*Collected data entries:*
########################################

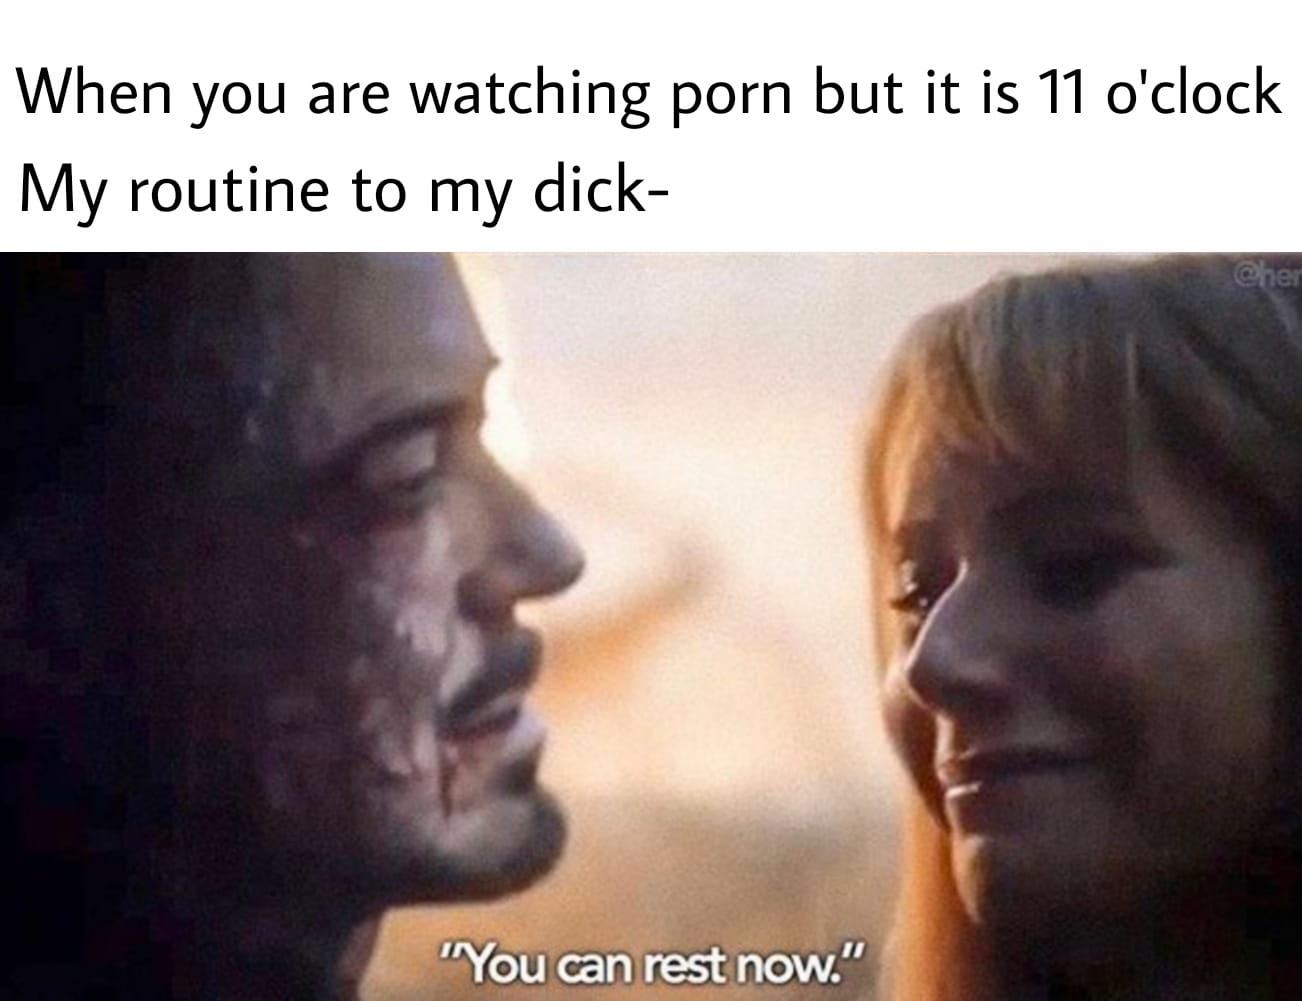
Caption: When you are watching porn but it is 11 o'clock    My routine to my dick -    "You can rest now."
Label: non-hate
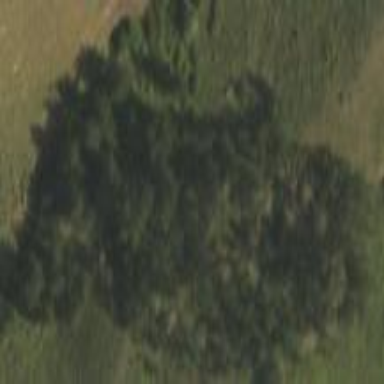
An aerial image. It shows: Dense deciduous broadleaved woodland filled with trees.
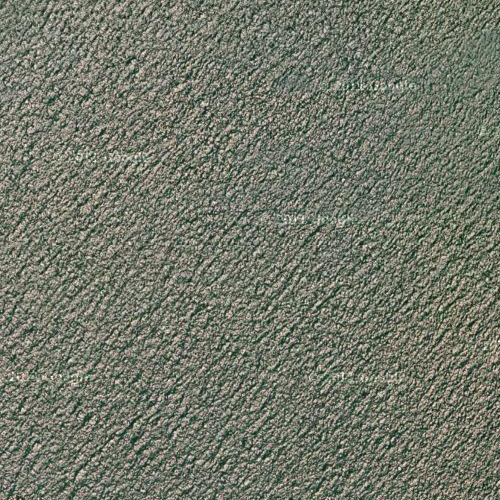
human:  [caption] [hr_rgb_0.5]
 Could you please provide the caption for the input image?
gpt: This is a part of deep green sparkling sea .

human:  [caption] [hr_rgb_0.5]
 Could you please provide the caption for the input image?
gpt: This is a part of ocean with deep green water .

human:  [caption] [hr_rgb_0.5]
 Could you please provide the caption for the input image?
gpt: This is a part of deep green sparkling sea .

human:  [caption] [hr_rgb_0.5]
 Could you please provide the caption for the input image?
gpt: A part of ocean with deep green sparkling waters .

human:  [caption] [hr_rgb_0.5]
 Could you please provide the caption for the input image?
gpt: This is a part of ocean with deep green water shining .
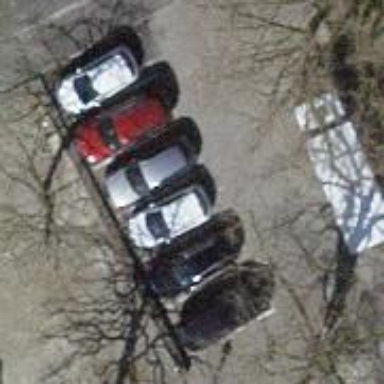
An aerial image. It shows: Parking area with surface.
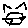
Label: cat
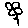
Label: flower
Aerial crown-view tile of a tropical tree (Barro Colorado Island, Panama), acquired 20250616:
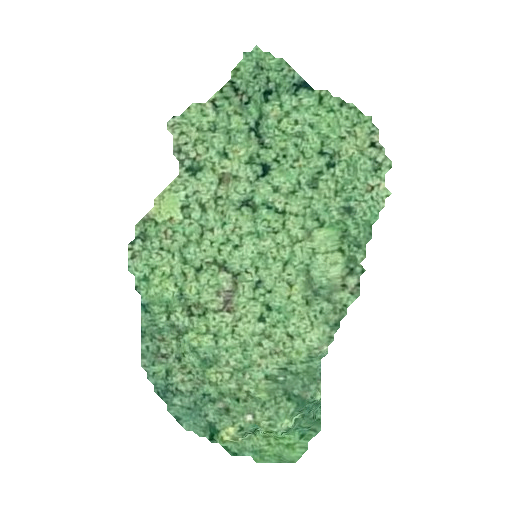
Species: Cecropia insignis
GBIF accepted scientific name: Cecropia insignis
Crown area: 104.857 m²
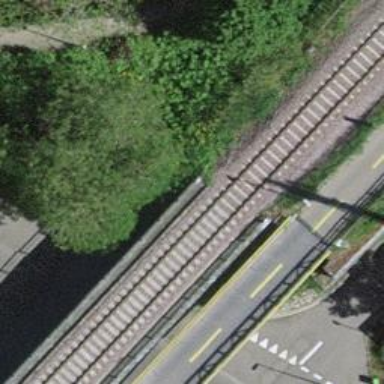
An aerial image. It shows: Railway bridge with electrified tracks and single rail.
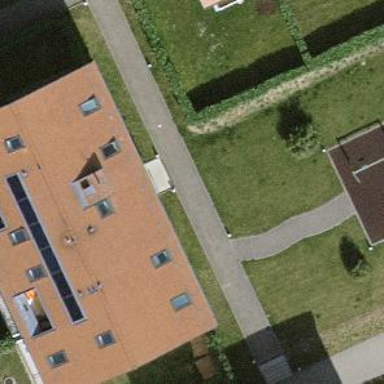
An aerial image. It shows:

########################################

*DIRECTIONS FOR THIS TASK:* All lines between the one that contains "An aerial image. It shows: Parking" and the end of the records above, both included, are to be returned exactly as they stand, except for pictures, which are omitted.

*EXERCISE RESPONSE:*
An aerial image. It shows: Parking area with surface.
Label: cat
Label: flower
Aerial crown-view tile of a tropical tree (Barro Colorado Island, Panama), acquired 20250616:
Species: Cecropia insignis
GBIF accepted scientific name: Cecropia insignis
Crown area: 104.857 m²
An aerial image. It shows: Railway bridge with electrified tracks and single rail.
An aerial image. It shows:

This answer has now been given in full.